フランスは大統領に権力が一極集中する。日常のちょっとした不満も「大統領のせい」にされてしまう。何でも理詰めで説得したがるマクロン氏の政治姿勢も「傲慢」と嫌われた。

経済学者のエリ・コーエン氏は「国の競争力強化を目指し、社会保障改革を進めているさなか、新型コロナウイルス禍に襲われた。これが響いた」と指摘する。

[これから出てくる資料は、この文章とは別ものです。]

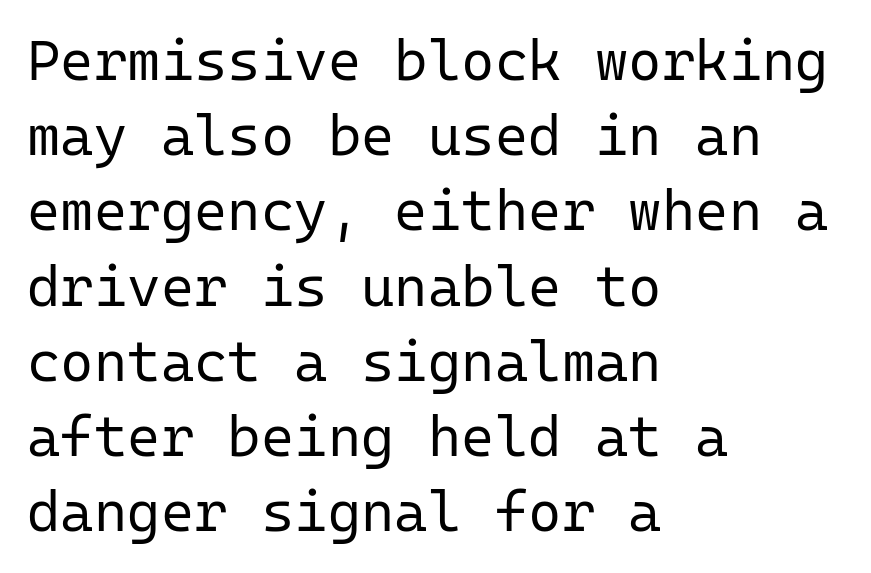
Q: Is the text bold? A: No.
Q: Is the text italic (slanted)? A: No, it is upright.
Q: Is the typeface a serif or a sans-serif typeface? A: Sans-serif.
Q: Is the text underlined? A: No.
Q: How is the paragraph aligned? A: Left-aligned.
Q: Is the spacing between letters normal or unusually wide? A: Normal.
Q: Is the spacing between lines tight, normal or loose? A: Normal.
Q: Width (condensed, normal, or wide)? A: Normal.
Q: Stroke contrast? A: Low.
Q: x-height? A: Medium.
Q: Monospaced? A: Yes.

フランスの貧困率はスウェーデンやドイツを下回る。しかも、マクロン政権の5年間で10%超だった失業率は7%台に改善したが、コロナ禍で脆弱(ぜいじゃく)な病院体制が露呈し、所得格差も広がった。最近の物価高騰は庶民の家計に追い打ちをかけた。ルペン氏は、現状への不満を吸収し、支持を広げた。

抗議デモ頻発も

極右の勢いに、マクロン陣営だけでなく、左右両派にも警戒が広がり、選挙はマクロン勝利で決着した。だが、ルペン氏が17年の前回大統領選より得票率を上積みしたことは、将来に不安を残した。マクロン政権2期目では、国民生活への支援に軸足を置かざるを得なくなった。

仏誌マリアンヌの政治コラムニスト、ギイ・シボン氏は「極右伸長は、今の政治を『丸ごとひっくり返したい』という国民の不満の表れ。不安要因として残る」と指摘。2018年、燃料増税への抗議を機に始まった「黄色いベスト」のような全国デモが今後、頻発すると予測した。大統領は2期まで。5年後は、マクロン氏の後継者を選ぶ選挙となる。